(Beginning of DATA SUPPLIED)

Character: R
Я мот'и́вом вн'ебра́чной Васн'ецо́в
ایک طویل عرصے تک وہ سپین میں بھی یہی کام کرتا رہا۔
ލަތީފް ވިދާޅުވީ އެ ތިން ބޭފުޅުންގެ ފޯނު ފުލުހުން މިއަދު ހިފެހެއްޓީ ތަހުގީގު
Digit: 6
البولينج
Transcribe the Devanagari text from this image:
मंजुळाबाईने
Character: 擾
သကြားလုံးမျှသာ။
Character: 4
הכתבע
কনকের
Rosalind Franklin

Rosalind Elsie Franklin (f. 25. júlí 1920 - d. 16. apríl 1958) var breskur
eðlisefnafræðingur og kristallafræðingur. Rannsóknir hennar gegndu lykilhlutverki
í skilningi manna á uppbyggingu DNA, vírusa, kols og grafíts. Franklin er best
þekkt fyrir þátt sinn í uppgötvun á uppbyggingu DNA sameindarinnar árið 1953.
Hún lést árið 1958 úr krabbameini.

(End of DATA SUPPLIED)
(Beginning of DATA SUPPLIED)

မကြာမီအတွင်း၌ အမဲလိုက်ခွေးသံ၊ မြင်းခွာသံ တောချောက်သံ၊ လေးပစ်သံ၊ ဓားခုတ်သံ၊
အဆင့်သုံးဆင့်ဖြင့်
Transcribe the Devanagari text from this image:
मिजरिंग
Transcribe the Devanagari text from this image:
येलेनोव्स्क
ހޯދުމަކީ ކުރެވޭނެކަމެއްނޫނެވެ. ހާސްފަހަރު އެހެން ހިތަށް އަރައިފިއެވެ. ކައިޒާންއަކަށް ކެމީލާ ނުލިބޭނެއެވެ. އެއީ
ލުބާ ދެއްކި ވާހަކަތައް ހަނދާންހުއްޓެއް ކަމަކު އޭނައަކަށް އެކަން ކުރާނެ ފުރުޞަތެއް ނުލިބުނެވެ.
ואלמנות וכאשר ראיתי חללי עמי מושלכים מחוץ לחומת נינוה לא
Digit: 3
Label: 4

(End of DATA SUPPLIED)

### GOAL OF THE EXERCISE
The expected answer is an exact copy of the lines above, beginning at the line with "Character: R" and ending at the line with "Hún lést árið 1958 úr krabbameini.", with both ends in.

### REPLY TO THE EXERCISE
Character: R
Я мот'и́вом вн'ебра́чной Васн'ецо́в
ایک طویل عرصے تک وہ سپین میں بھی یہی کام کرتا رہا۔
ލަތީފް ވިދާޅުވީ އެ ތިން ބޭފުޅުންގެ ފޯނު ފުލުހުން މިއަދު ހިފެހެއްޓީ ތަހުގީގު
Digit: 6
البولينج
Transcribe the Devanagari text from this image:
मंजुळाबाईने
Character: 擾
သကြားလုံးမျှသာ။
Character: 4
הכתבע
কনকের
Rosalind Franklin

Rosalind Elsie Franklin (f. 25. júlí 1920 - d. 16. apríl 1958) var breskur
eðlisefnafræðingur og kristallafræðingur. Rannsóknir hennar gegndu lykilhlutverki
í skilningi manna á uppbyggingu DNA, vírusa, kols og grafíts. Franklin er best
þekkt fyrir þátt sinn í uppgötvun á uppbyggingu DNA sameindarinnar árið 1953.
Hún lést árið 1958 úr krabbameini.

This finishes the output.